Work order
Please repeat the entries exactly as they appear and omit any images.

Data for this exercise
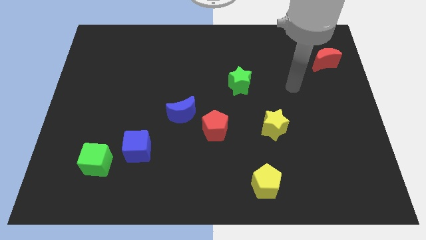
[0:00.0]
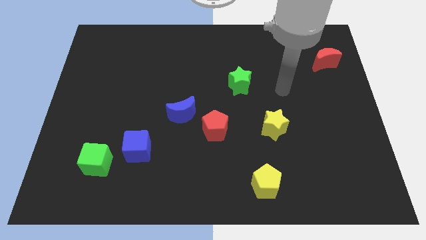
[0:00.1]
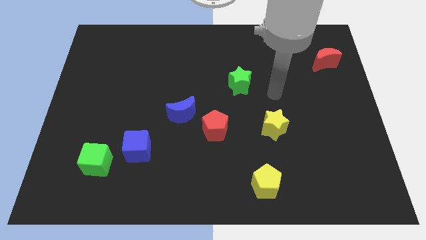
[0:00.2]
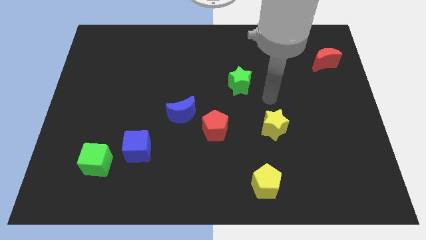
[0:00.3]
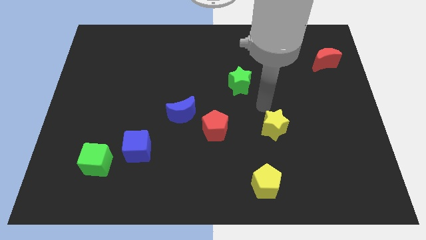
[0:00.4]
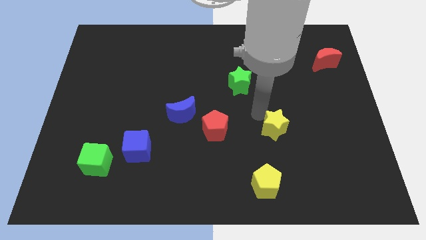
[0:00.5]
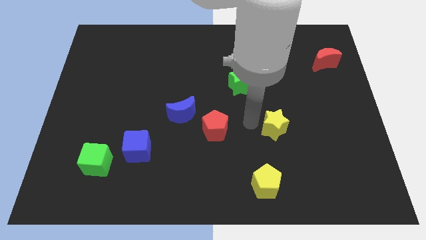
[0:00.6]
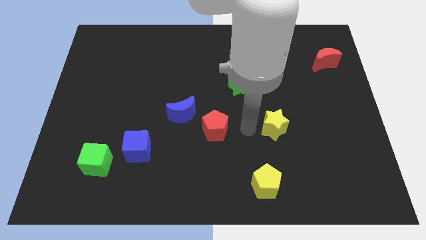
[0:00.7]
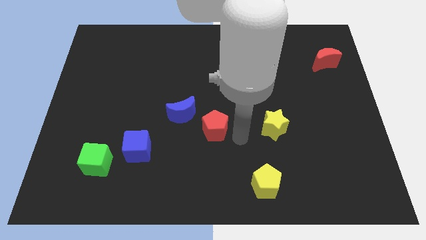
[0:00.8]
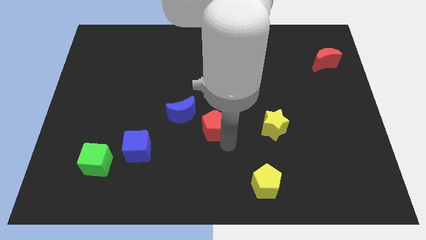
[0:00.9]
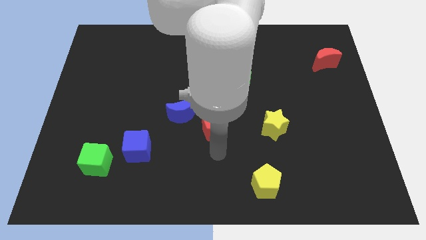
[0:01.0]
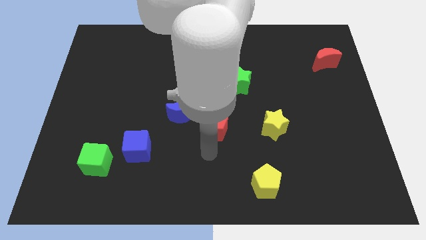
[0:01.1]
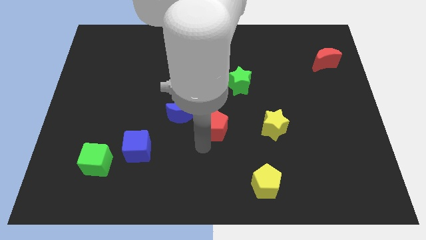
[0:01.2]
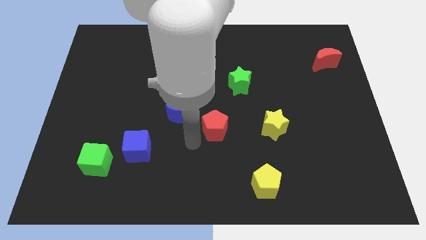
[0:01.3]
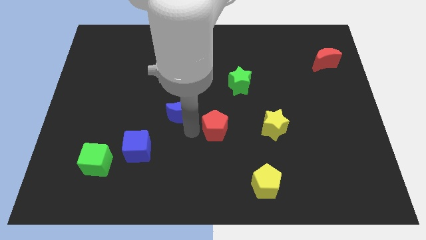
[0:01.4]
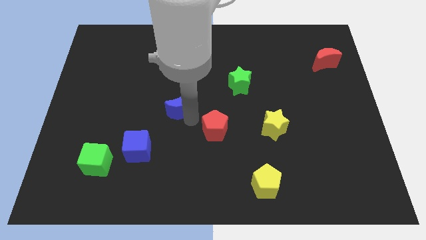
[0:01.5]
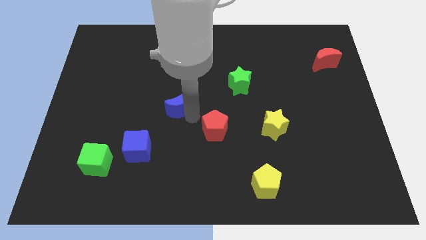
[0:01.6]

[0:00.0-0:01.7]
pull the red pentagon apart from the blue moon

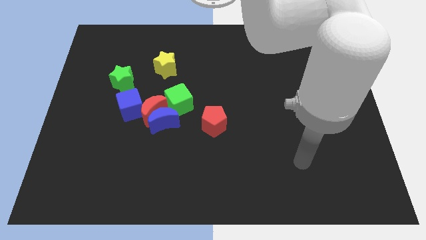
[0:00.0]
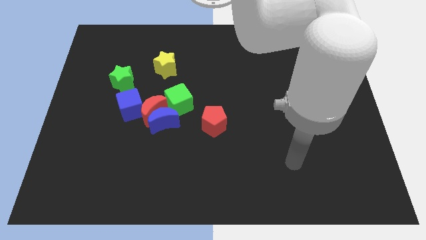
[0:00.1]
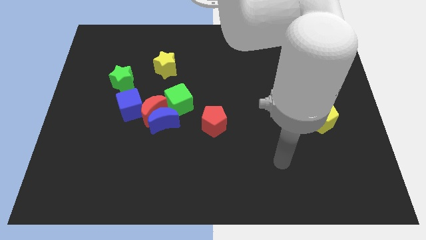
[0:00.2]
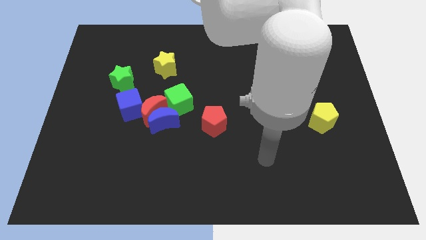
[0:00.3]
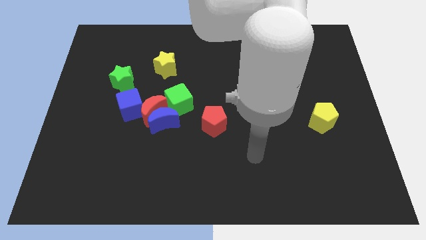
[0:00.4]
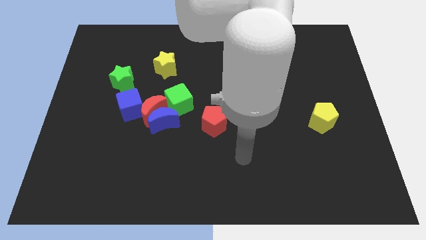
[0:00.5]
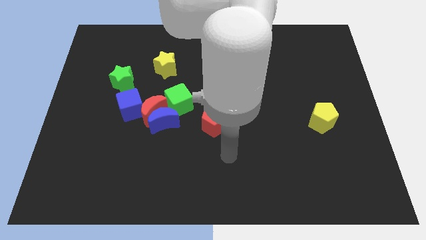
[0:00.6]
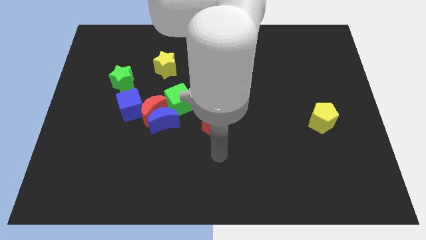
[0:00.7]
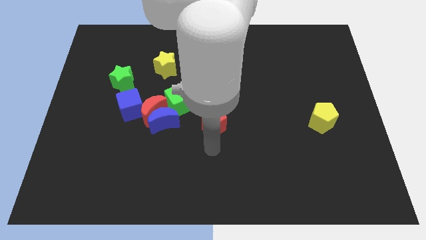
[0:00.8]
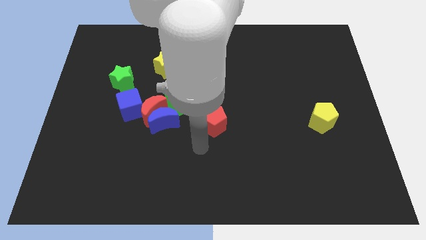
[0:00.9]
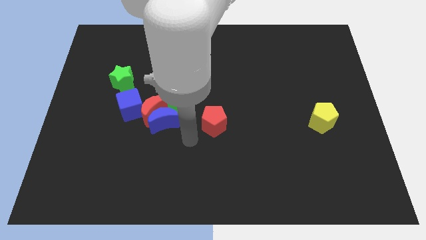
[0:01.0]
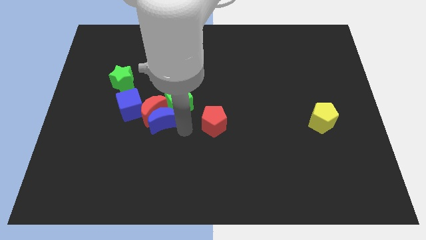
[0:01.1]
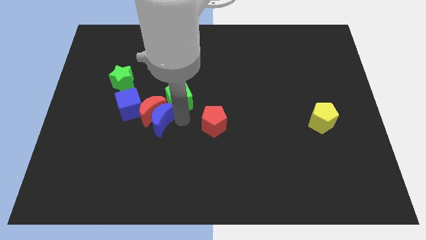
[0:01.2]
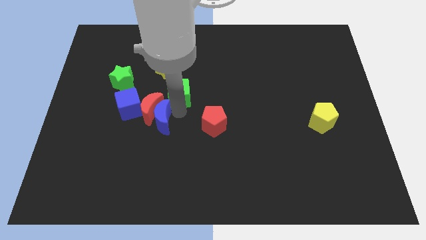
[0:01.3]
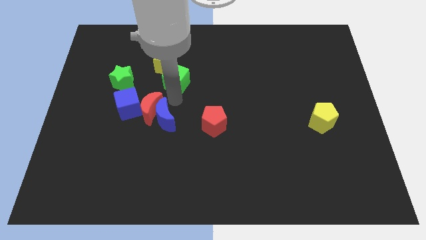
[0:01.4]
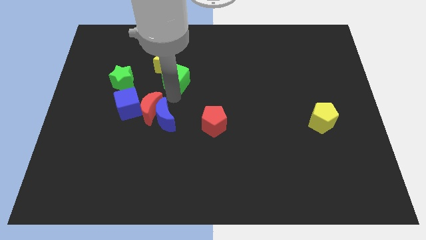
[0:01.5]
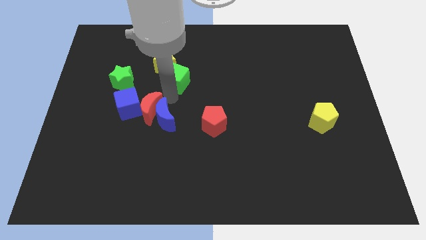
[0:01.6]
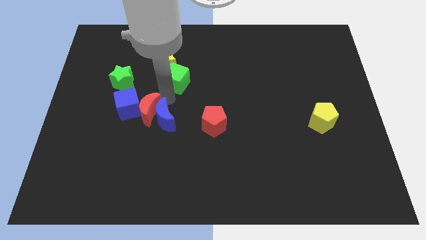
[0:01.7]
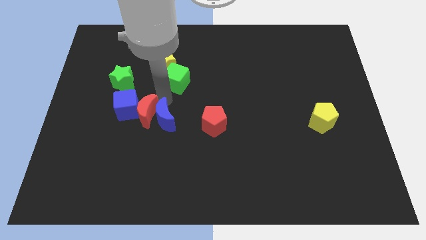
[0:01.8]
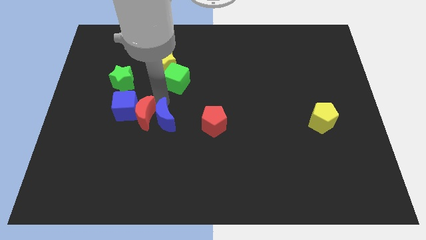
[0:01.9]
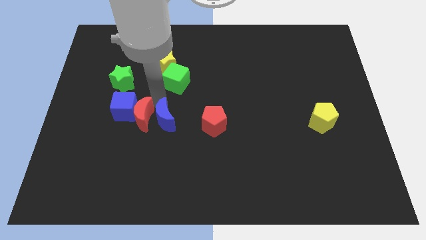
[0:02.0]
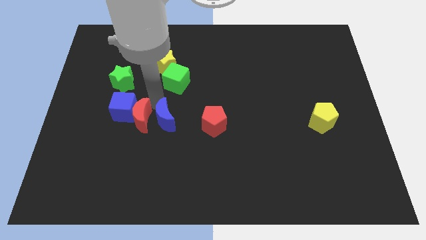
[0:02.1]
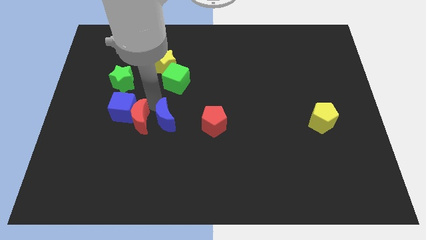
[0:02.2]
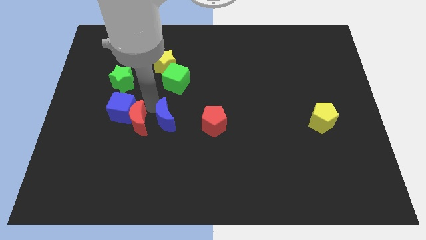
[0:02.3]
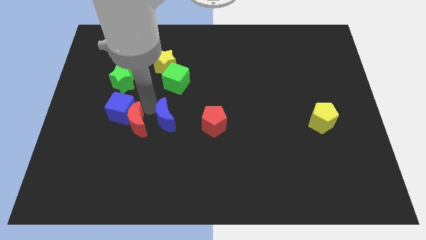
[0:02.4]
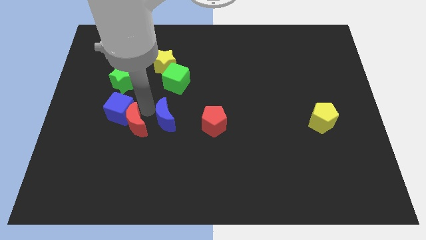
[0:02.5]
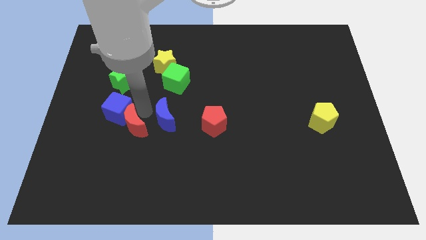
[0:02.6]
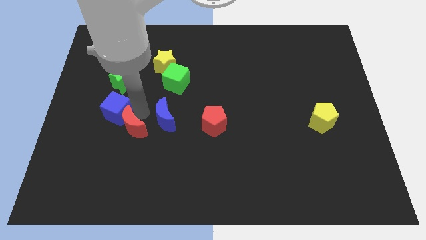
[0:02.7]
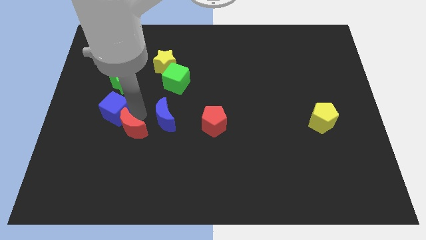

Exercise result
[0:00.0]
[0:00.1]
[0:00.2]
[0:00.3]
[0:00.4]
[0:00.5]
[0:00.6]
[0:00.7]
[0:00.8]
[0:00.9]
[0:01.0]
[0:01.1]
[0:01.2]
[0:01.3]
[0:01.4]
[0:01.5]
[0:01.6]

[0:00.0-0:01.7]
pull the red pentagon apart from the blue moon

[0:00.0]
[0:00.1]
[0:00.2]
[0:00.3]
[0:00.4]
[0:00.5]
[0:00.6]
[0:00.7]
[0:00.8]
[0:00.9]
[0:01.0]
[0:01.1]
[0:01.2]
[0:01.3]
[0:01.4]
[0:01.5]
[0:01.6]
[0:01.7]
[0:01.8]
[0:01.9]
[0:02.0]
[0:02.1]
[0:02.2]
[0:02.3]
[0:02.4]
[0:02.5]
[0:02.6]
[0:02.7]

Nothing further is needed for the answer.